Terapêutica do microbioma
A Dra. Colleen Kelly descreveu as recomendações feitas pela diretriz de prática clínica da AGA sobre terapias baseadas na microbiota fecal para doenças gastrointestinais. Em adultos imunocompetentes, a AGA sugere o uso de terapias baseadas na microbiota fecal após a conclusão do tratamento padrão com antibióticos, mas em adultos leve ou moderadamente imunocomprometidos com infeção recorrente por C. difficile, ou adultos hospitalizados com infeção grave ou fulminante por C. difficile que não respondem ao tratamento padrão. Além disso, a AGA sugere a utilização de um transplante convencional de microbiota fecal após a conclusão do tratamento antibiótico padrão. Em adultos com colite ulcerosa, doença de Crohn, pouchite ou síndrome do intestino irritável, a AGA sugere contra o uso de transplante convencional de microbiota fecal, exceto no contexto de ensaios clínicos. A Dra. Jessica Allegretti descreveu o estado atual das terapias baseadas na microbiota fecal, referindo as recentes actualizações da FDA, em que é necessário um pedido de investigação de um novo medicamento quando se utilizam produtos de fezes em bancos e um rastreio mais abrangente dos dadores, incluindo o rastreio de SarsCov-2 e de bactérias produtoras de betalactamases de espetro alargado (ESBL), dado que foi notificada uma infeção sistémica com bactérias ESBL após o FMT em dois doentes imunocomprometidos. O panorama do tratamento da infeção por C. difficile está a evoluir rapidamente com a aprovação pela FDA de dois novos produtos de microbiota fecal para a prevenção de CDI recorrente, REBYOTA (microbiota fecal, viva - jslm) como uma instalação rectal de dose única ou VOWST (esporos de microbiota fecal, vivos-brpk) 4 cápsulas tomadas por via oral uma vez por dia durante 3 dias consecutivos, 3-4 dias após os antibióticos padrão de tratamento, bem como um ensaio de fase III em curso de um consórcio bacteriano vivo racionalmente definido, não derivado de fezes de dador.

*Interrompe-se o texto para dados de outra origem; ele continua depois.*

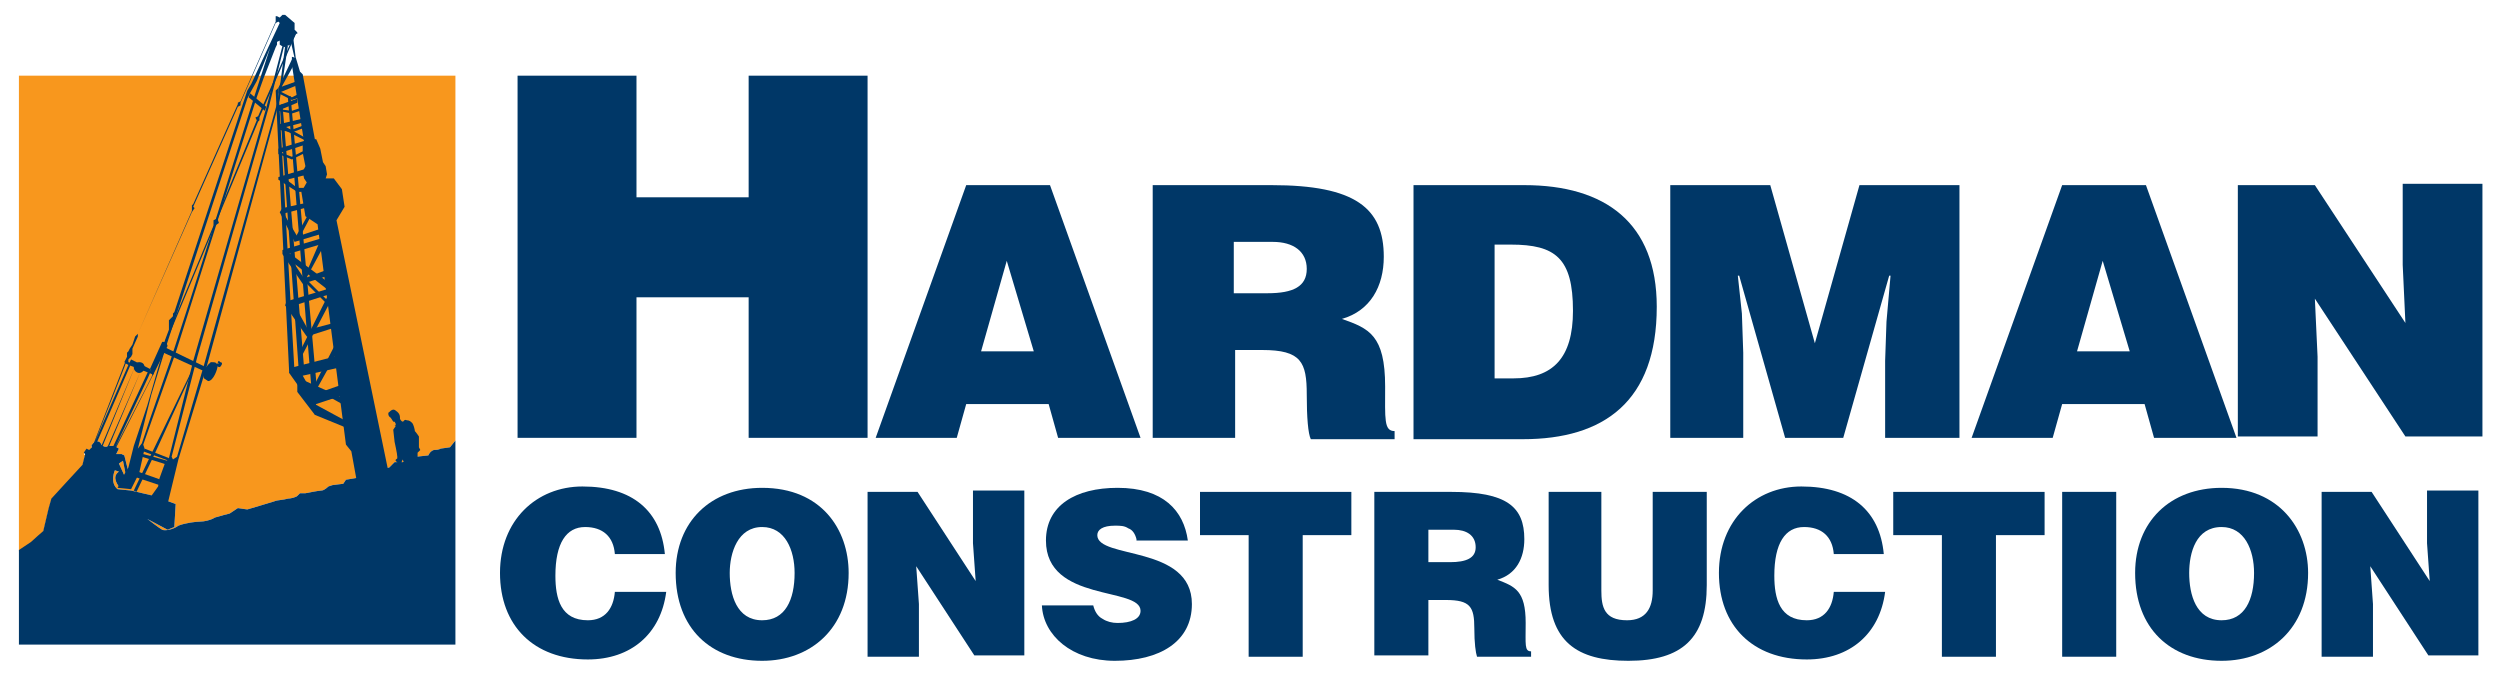 <?xml version="1.0" encoding="utf-8"?>
<!-- Generator: Adobe Illustrator 23.0.4, SVG Export Plug-In . SVG Version: 6.00 Build 0)  -->
<svg version="1.1" id="Layer_1" xmlns="http://www.w3.org/2000/svg" xmlns:xlink="http://www.w3.org/1999/xlink" x="0px" y="0px"
	 viewBox="0 0 185 50" style="enable-background:new 0 0 185 50;" xml:space="preserve">
<style type="text/css">
	.st0{fill:#F8971D;}
	.st1{fill:#003767;}
</style>
<g>
	<g>
		<path class="st0" d="M1.4,5.7v35.1c0,0,0.6-0.4,0.9-0.6c0.2-0.2,0.9-0.8,0.9-0.8l0.4-1.7l0.2-0.7l1.1-1.2l1.2-1.3l0.2-0.8
			l-0.1-0.1l0.2-0.3l0.2,0.1c0,0,0.1-0.1,0.2-0.2C6.8,33,6.7,33,6.9,32.8c0.2-0.2,0.5-0.2,0.6,0.1C7.7,33.1,7.9,33.1,8,33
			c0.1,0,0.4,0,0.5,0c0.1,0.1,0.3,0.2,0.3,0.2l-0.2,0.4l0.3,0L9,33.6l0.2,0.1l0.3,1.2l-0.2,0.2l-0.2-1l-0.3,0.2l0.5,1.1L8.8,36
			c0,0-0.6-0.7,0-1.1l-0.3-0.1c0,0-0.4,0.9,0.2,1.4l1,0.1l1.7,0.4l1.6,0.6L12.9,39l-0.5,0.2l-1.5-0.8c0,0,0.9,0.7,1.1,0.8
			c0.2,0.1,0.8,0,1.2-0.3c0.5-0.2,1.3-0.3,1.6-0.3c0.3,0,0.8-0.1,1.1-0.3c0.3-0.1,1.1-0.3,1.1-0.3l0.6-0.4l0.7,0.1
			c0,0,1.7-0.5,2-0.6c0.2-0.1,0.7-0.1,1-0.2c0.2,0,0.6-0.1,0.7-0.2c0.1-0.1,0.2-0.2,0.2-0.2h0.4c0,0,1-0.2,1.2-0.2
			c0.2,0,0.5-0.3,0.5-0.3l0.3-0.1l0.8-0.1l0.2-0.3l1.2-0.2l0.5-0.3l0.9-0.3l0.6-0.1l0.4-0.4l0.6,0l0.6-0.3l0.4-0.1l0.9-0.1
			c0,0,0.1-0.3,0.4-0.4c0.4,0,0.5-0.1,0.5-0.1l0.7-0.1l0.4-0.5v-27H1.4z"/>
	</g>
	<g>
		<g>
			<path class="st1" d="M19.9,3.4l0.8-1.7l-0.1-0.1l-0.2,0.1l-2.6,5.9v0.2l-0.2,0.1l-3.3,7.4l0.1,0.1l-0.2,0.3l-4,9l0,0.2l-0.4,0.9
				v0.4l-0.1,0.2l-0.2,0.2L9.5,27l-0.3-0.2l0.2-0.4v-0.3L9.5,26l0.1-0.2l0.2-0.3l0.2-0.6l0.2-0.2l4-9.1v-0.4l0.1-0.1l3.3-7.4V7.6
				l0.2-0.1l2.6-5.9l0-0.4l0.1,0l0.2,0.1l0.2-0.2l0.2,0l0.7,0.6v0.5l0.2,0.2l0,0.1l-0.1,0l-0.1,0.2l-0.3,0.6l-0.5,0.2l-0.3-0.2
				l0-0.3l-0.2,0.1l0,0.2l-0.1,0.2l-0.9,2.3l-0.5,1.4l-6,18.9l-2.4,6.8l0.1,0.3L10.3,35l-0.6,1.2l-1-0.1l0.5-1l0.3-0.5L9.9,33l1-3
				l1.1-3.8l0.2-1l0.3-0.8v-0.7l0.3-0.3v-0.2l0.1-0.1l5.4-16.4l0.3-0.5L19.9,3.4z M10.2,33.2l0.3-0.4l0.6-1.8l1.6-4.6l1.4-4.3
				l1.5-4.7l1.5-4.8l1.7-5.4l1.2-3.7L19.8,4L19,6l-0.5,0.9l-0.2,0.4l-6,18.3l-1.1,3.6L10.2,33.2z"/>
			<polygon class="st1" points="20.9,3.4 19.7,8 14.3,26.7 12.5,33.9 12.2,34.3 11.8,35.4 11.7,36 11.2,36.7 12.4,37.3 13.2,34 
				15.3,27.1 20.7,7.4 21.3,3.4 21.1,3.4 20.6,7.3 15.1,27 13.1,33.8 12.8,34 12.7,33.8 14.6,26.4 19.9,7.9 21,3.5 			"/>
			<polygon class="st1" points="10.7,33.2 12.5,33.9 12.5,34.1 10.6,33.4 			"/>
			<polygon class="st1" points="10.6,33.6 12.4,34.1 12.4,34.4 10.5,33.8 			"/>
			<polygon class="st1" points="10.2,34.9 11.9,35.5 11.8,35.9 10,35.3 			"/>
			<polygon class="st1" points="12.2,25.7 15.5,27.3 15.4,27.6 12.1,26.1 			"/>
			<polygon class="st1" points="14.2,27.4 11.1,33.8 9.9,36.3 10.1,36.4 11.3,33.9 14.1,27.8 			"/>
			<polygon class="st1" points="18.5,6.9 19.7,7.9 19.6,8.2 18.4,7.2 			"/>
			<polygon class="st1" points="21.9,2.5 21.8,2.5 19.1,8.6 18.9,8.7 19,8.9 16,16.2 16,16.2 15.8,16.3 15.8,16.7 12.2,25.3 
				12,25.3 11.1,27.3 11.3,27.8 12.4,25.6 12.3,25.3 15.9,16.7 16.2,16.5 16.1,16.2 19.1,9 19.2,8.9 19.2,8.7 			"/>
			<polygon class="st1" points="9.7,26.6 11.1,27.3 11.3,27.7 9.5,27 			"/>
			<path class="st1" d="M10.7,27.2c0,0.2-0.2,0.4-0.4,0.4c-0.2,0-0.4-0.2-0.4-0.4c0-0.2,0.2-0.4,0.4-0.4
				C10.5,26.8,10.7,26.9,10.7,27.2z"/>
			<path class="st1" d="M11,27.4L11,27.4l-2.7,5.8l0.2,0.1l2.9-5.7L11,27.4z M8.5,33.2C8.5,33.2,8.5,33.2,8.5,33.2
				c0-0.1,2.6-5.5,2.6-5.6c0.1,0,0.2,0.1,0.2,0.1C11.3,27.8,8.5,33.1,8.5,33.2z M9.3,26.7L9.3,26.7l-2.4,6.2h0.2l2.6-6L9.3,26.7z
				 M7,32.8C7,32.8,7,32.8,7,32.8c0-0.1,2.3-5.8,2.3-5.9c0.1,0,0.2,0.1,0.2,0.1C9.5,27,7,32.7,7,32.8z M10.4,27.5l-2.5,5.7l0.1,0
				L10.4,27.5L10.4,27.5z M10,27.1L7.5,33l0.1,0L10,27.1L10,27.1z"/>
			<polygon class="st1" points="21.6,4.2 21.9,4.3 22.2,5.3 22.4,5.5 23.3,10.3 23.4,10.3 23.7,11 23.9,12 24.1,12.3 24.2,12.9 
				24.1,13.2 24.7,13.2 25.3,14 25.5,15.3 24.9,16.3 28.7,34.7 26.4,35.6 26,33.4 25.6,32.9 23.5,16.6 22.6,16 22.3,14.2 22.7,13.5 
				22.5,13.2 22.4,12.7 22.6,12.3 22.4,11.3 22.4,10.6 22.5,10.5 21.6,4.8 			"/>
			<polygon class="st1" points="25.5,29.2 23.1,30 21.4,27.6 21.6,27.2 25.1,26.3 25.1,27.2 22.4,27.8 23.2,29.2 25.2,28.5 			"/>
			<polygon class="st1" points="24.9,24.2 22.7,24.9 21.1,22.6 21.2,22.3 24.2,21.4 24.3,21.8 21.8,22.6 22.8,24.4 24.7,23.9 			"/>
			<polygon class="st1" points="23.9,17.6 20.9,18.5 20.9,18.8 22.4,21 24.3,20.4 24.1,20 22.5,20.6 21.3,18.8 24,18 			"/>
			<polygon class="st1" points="22.7,15 20.9,15.4 20.7,15.7 21.8,17.9 23.8,17.3 23.8,16.9 22,17.5 21,15.8 22.9,15.3 			"/>
			<polygon class="st1" points="20.6,13.3 20.6,13.1 22.6,12.5 22.8,12.9 21.2,13.3 22,13.9 22.8,13.9 22.6,14.2 22,14.2 			"/>
			<polygon class="st1" points="21.4,27.6 21.8,27.6 20.6,6.5 20.4,6.7 			"/>
			<polygon class="st1" points="21.3,7.2 23.1,29.4 23.5,29.3 21.5,7.1 			"/>
			<polygon class="st1" points="22,6 20.6,6.5 20.6,6.9 21.6,7.4 22.2,7.2 22.2,6.9 21.6,7.2 20.8,6.8 22,6.3 			"/>
			<polygon class="st1" points="22,7.3 20.6,7.8 20.6,8.2 21.6,8.4 22.2,8.2 22.2,8 21.6,8.2 20.8,8.1 22,7.6 			"/>
			<polygon class="st1" points="22.3,8.8 20.6,9.2 20.6,9.6 21.6,9.8 22.4,9.5 22.4,9.3 21.6,9.6 20.8,9.5 22.3,9.1 			"/>
			<polygon class="st1" points="22.6,10.4 20.6,11 20.6,11.4 21.6,11.8 22.6,11.3 22.6,11.1 21.6,11.6 20.8,11.3 22.6,10.7 			"/>
			<polygon class="st1" points="22.1,27.3 22.5,27.2 20.9,7.7 20.7,7.8 			"/>
			<polygon class="st1" points="24.9,25.3 22.9,29.2 23.1,29.4 25.1,25.8 			"/>
			<polygon class="st1" points="24.3,21.8 22.1,26.2 22.2,26.6 24.4,22.4 			"/>
			<polygon class="st1" points="23.7,17.8 22.4,20.8 22.5,20.9 23.9,18.3 			"/>
			<polygon class="st1" points="22.9,15.7 21.9,17.5 22.1,17.7 23,16 			"/>
			<polygon class="st1" points="23.1,29.8 23.3,30.7 25.5,31.6 25.5,31.1 			"/>
			<polygon class="st1" points="21.1,18.5 24.3,20.9 24.2,21.4 21,18.9 			"/>
			<polygon class="st1" points="22.4,20.7 24.4,22.7 24.4,22.4 22.6,20.6 			"/>
			<polygon class="st1" points="20.8,9.5 22.6,10.4 22.6,10.2 21,9.3 			"/>
			<polygon class="st1" points="21.6,4.4 20.6,6.5 20.8,6.5 21.8,4.7 			"/>
			<path class="st1" d="M16,26.9l0.2,0l-0.1-0.1l0.1-0.1l0.1,0.1c0,0,0.2,0,0.1,0.2c-0.1,0.2-0.2,0.2-0.3,0.1c0,0.2-0.3,1.1-0.7,1.1
				l-0.3-0.2c-0.1-0.2-0.1-0.7,0.5-1.2C15.8,26.8,16,26.8,16,26.9z"/>
			<polygon class="st1" points="25.5,29.5 22.6,28.2 22,28.4 22,29 23.3,30.7 23.4,29.7 24.6,29.5 25.5,30 			"/>
			<polygon class="st1" points="21.5,3 21.8,4.3 21.9,4.4 21.7,2.8 			"/>
			<path class="st1" d="M28.9,30.9c-0.2-0.1-0.2-0.4-0.1-0.4c0.1-0.1,0.3-0.3,0.5-0.1c0.3,0.2,0.3,0.4,0.3,0.6c0,0,0.1,0.2,0.2,0.2
				c0.1,0,0.1-0.2,0.3-0.1c0.2,0,0.3,0.1,0.4,0.2c0.1,0.1,0.2,0.5,0.2,0.6c0.1,0.1,0.3,0.4,0.3,0.4l0,0.8l0.1,0.2l-0.2,0.2l0,0.3
				l0.2,0.3l-1.1,0.4L29.8,34c0,0-0.1,0.2-0.1,0.3c0,0.1-0.3,0.1-0.3,0.1l0-0.2c0,0-0.2-0.1-0.1-0.2c0.1-0.1,0.1,0,0.1-0.2
				c0-0.2-0.2-1.1-0.2-1.1l-0.1-0.9l0.2-0.3l-0.1,0l0.1-0.1l-0.1-0.2C29.1,31.3,29,31,28.9,30.9z"/>
			<path class="st1" d="M6.6,33.3c0,0,0.1-0.1,0.2-0.2C6.8,33,6.7,33,6.9,32.8c0.2-0.2,0.5-0.2,0.6,0.1C7.7,33.1,7.9,33.1,8,33
				c0.1,0,0.4,0,0.5,0c0.1,0.1,0.3,0.2,0.3,0.2l-0.2,0.4l0.3,0L9,33.6l0.2,0.1l0.3,1.2l-0.2,0.2l-0.2-1l-0.3,0.2l0.5,1.1L8.8,36
				c0,0-0.6-0.7,0-1.1l-0.3-0.1c0,0-0.4,0.9,0.2,1.4l1,0.1l1.7,0.4l1.6,0.6L12.9,39l-0.5,0.2l-1.5-0.8c0,0,0.9,0.7,1.1,0.8
				c0.2,0.1,0.8,0,1.2-0.3c0.5-0.2,1.3-0.3,1.6-0.3c0.3,0,0.8-0.1,1.1-0.3c0.3-0.1,1.1-0.3,1.1-0.3l0.6-0.4l0.7,0.1
				c0,0,1.7-0.5,2-0.6c0.2-0.1,0.7-0.1,1-0.2c0.2,0,0.6-0.1,0.7-0.2c0.1-0.1,0.2-0.2,0.2-0.2h0.4c0,0,1-0.2,1.2-0.2
				c0.2,0,0.5-0.3,0.5-0.3l0.3-0.1l0.8-0.1l0.2-0.3l1.2-0.2l0.5-0.3l0.9-0.3l0.6-0.1l0.4-0.4l0.6,0l0.6-0.3l0.4-0.1l0.9-0.1
				c0,0,0.1-0.3,0.4-0.4c0.4,0,0.5-0.1,0.5-0.1l0.7-0.1l0.4-0.5v15.1H1.4v-7c0,0,0.6-0.4,0.9-0.6c0.2-0.2,0.9-0.8,0.9-0.8l0.4-1.7
				l0.2-0.7l1.1-1.2l1.2-1.3l0.2-0.8l-0.1-0.1l0.2-0.3L6.6,33.3z"/>
		</g>
		<g>
			<path class="st1" d="M38.3,32.4V5.6h8.8v9h8.3v-9h8.8v26.8h-8.8V22h-8.3v10.4H38.3z"/>
			<path class="st1" d="M64.8,32.4l6.7-18.7h6.2l6.7,18.7h-6.1l-0.7-2.5h-6.1l-0.7,2.5H64.8z M74.5,19.3L72.6,26h3.9L74.5,19.3z"/>
			<path class="st1" d="M91.4,25.9v6.5h-6.1V13.7h8.8c6.2,0,8.3,1.7,8.3,5.3c0,2.2-1,4-3.1,4.6c2,0.7,3.2,1.2,3.2,5
				c0,2.4-0.1,3.3,0.7,3.3v0.6h-6.2c-0.2-0.4-0.3-1.6-0.3-3.3c0-2.4-0.4-3.3-3.3-3.3H91.4z M91.4,21.7h2.4c1.9,0,2.9-0.5,2.9-1.8
				c0-1.3-1-2-2.5-2h-2.9V21.7z"/>
			<path class="st1" d="M104.6,32.4V13.7h8.2c6,0,9.8,2.8,9.8,9c0,7-3.9,9.8-9.9,9.8H104.6z M110.7,28h1.3c2.9,0,4.4-1.5,4.4-5
				c0-3.9-1.3-4.9-4.6-4.9h-1.2V28z"/>
			<path class="st1" d="M123.6,32.4V13.7h7.4l3.3,11.7l3.3-11.7h7.4v18.7h-5.5v-5.7l0.1-2.9l0.3-3.4h-0.1l-3.4,12h-4.3l-3.4-12h-0.1
				l0.3,2.8l0.1,2.9v6.3H123.6z"/>
			<path class="st1" d="M145.9,32.4l6.7-18.7h6.2l6.7,18.7h-6.1l-0.7-2.5h-6.1l-0.7,2.5H145.9z M155.6,19.3l-1.9,6.7h3.9L155.6,19.3
				z"/>
			<path class="st1" d="M178,23.9l-0.2-4.3v-6h5.9v18.7h-5.7l-6.7-10.2l0.2,4.3v5.9h-5.9V13.7h5.7L178,23.9z"/>
			<path class="st1" d="M45.5,41c-0.1-1.3-0.9-2-2.2-2c-1.4,0-2.2,1.2-2.2,3.6c0,1.7,0.4,3.3,2.4,3.3c1.3,0,1.9-0.9,2-2.1h3.8
				c-0.4,3.1-2.6,5-5.8,5c-4,0-6.5-2.5-6.5-6.4c0-3.9,2.7-6.4,6.1-6.4c3.7,0,5.8,1.8,6.1,5H45.5z"/>
			<path class="st1" d="M62.8,42.4c0,4.1-2.8,6.5-6.4,6.5c-3.8,0-6.4-2.4-6.4-6.5c0-3.8,2.6-6.3,6.4-6.3
				C60.8,36.1,62.8,39.2,62.8,42.4z M54,42.4c0,1.6,0.5,3.5,2.4,3.5c1.7,0,2.4-1.5,2.4-3.5c0-1.7-0.7-3.4-2.4-3.4
				C54.6,39,54,40.9,54,42.4z"/>
			<path class="st1" d="M72.2,43L72,40.2v-3.9h3.8v12.2h-3.7l-4.3-6.6l0.2,2.8v3.9h-3.8V36.4h3.7L72.2,43z"/>
			<path class="st1" d="M84.1,39.9c-0.1-0.4-0.3-0.7-0.6-0.8c-0.3-0.2-0.6-0.2-1-0.2c-0.9,0-1.3,0.3-1.3,0.7c0,1.8,7,0.7,7,5.1
				c0,2.8-2.4,4.2-5.7,4.2c-3.2,0-5.3-1.9-5.4-4.1h3.8c0.1,0.4,0.3,0.8,0.7,1c0.3,0.2,0.7,0.3,1.1,0.3c1,0,1.7-0.3,1.7-0.9
				c0-1.8-7-0.6-7-5.2c0-2.6,2.2-3.9,5.3-3.9c3.4,0,4.9,1.7,5.2,3.9H84.1z"/>
			<path class="st1" d="M88.8,36.4h11.2v3.2h-3.6v9h-4v-9h-3.6V36.4z"/>
			<path class="st1" d="M105.7,44.3v4.2h-4V36.4h5.7c4.1,0,5.4,1.1,5.4,3.5c0,1.4-0.6,2.6-2,3c1.3,0.5,2.1,0.8,2.1,3.2
				c0,1.6-0.1,2.1,0.4,2.1v0.4h-4c-0.1-0.3-0.2-1-0.2-2.1c0-1.6-0.3-2.1-2.1-2.1H105.7z M105.7,41.6h1.6c1.2,0,1.9-0.3,1.9-1.1
				c0-0.9-0.7-1.3-1.6-1.3h-1.9V41.6z"/>
			<path class="st1" d="M114.5,36.4h4v7.3c0,1.2,0.2,2.2,1.9,2.2c1.4,0,1.9-0.9,1.9-2.2v-7.3h4v6.9c0,3.9-1.8,5.6-5.8,5.6
				c-3.8,0-5.9-1.4-5.9-5.6V36.4z"/>
			<path class="st1" d="M135.7,41c-0.1-1.3-0.9-2-2.2-2c-1.4,0-2.2,1.2-2.2,3.6c0,1.7,0.4,3.3,2.4,3.3c1.3,0,1.9-0.9,2-2.1h3.8
				c-0.4,3.1-2.6,5-5.8,5c-4,0-6.5-2.5-6.5-6.4c0-3.9,2.7-6.4,6.1-6.4c3.7,0,5.8,1.8,6.1,5H135.7z"/>
			<path class="st1" d="M140.1,36.4h11.2v3.2h-3.6v9h-4v-9h-3.6V36.4z"/>
			<path class="st1" d="M152.6,48.6V36.4h4v12.2H152.6z"/>
			<path class="st1" d="M170.8,42.4c0,4.1-2.8,6.5-6.4,6.5c-3.8,0-6.4-2.4-6.4-6.5c0-3.8,2.6-6.3,6.4-6.3
				C168.7,36.1,170.8,39.2,170.8,42.4z M162,42.4c0,1.6,0.5,3.5,2.4,3.5c1.7,0,2.4-1.5,2.4-3.5c0-1.7-0.7-3.4-2.4-3.4
				C162.5,39,162,40.9,162,42.4z"/>
			<path class="st1" d="M179.8,43l-0.2-2.8v-3.9h3.8v12.2h-3.7l-4.3-6.6l0.2,2.8v3.9h-3.8V36.4h3.7L179.8,43z"/>
		</g>
		<polygon class="st1" points="3.5,38.9 3.9,38.6 4.1,37.9 3.8,37.8 		"/>
		<polygon class="st1" points="6.6,33.7 6.6,33.8 6.6,34 6.9,33.8 		"/>
	</g>
</g>
</svg>

Um debate moderado sobre o papel dos probióticos nas doenças gastrointestinais incluiu uma análise exaustiva da utilização de probióticos em adultos e crianças. A discussão centrou-se no caminho a seguir e, embora os probióticos pareçam não ser eficazes nas perturbações gastrointestinais dos adultos quando se considera a literatura geral, os seus efeitos variam consoante a espécie e a estirpe e alguns doentes podem beneficiar deles. Além disso, os alimentos fermentados caseiros como o iogurte, o kimchi e o kefir foram discutidos como alternativas económicas. As diferenças nas recomendações de diferentes sociedades científicas relativamente à utilização de probióticos parecem resultar de diferentes metodologias e dos tipos de estudos clínicos que são considerados na elaboração das recomendações. Os testes diretos ao microbioma do consumidor estão a ganhar popularidade entre os doentes, especialmente para orientar a terapêutica probiótica, mas o painel concluiu que, atualmente, não há benefícios clínicos comprovados, pelo que não devem ser recomendados. No entanto, existe um potencial para utilizações futuras, como o rastreio das alterações do microbiota de um indivíduo após intervenções. Um tema central que emergiu de todas estas discussões centrou-se na necessidade de abordagens personalizadas à terapêutica do microbioma.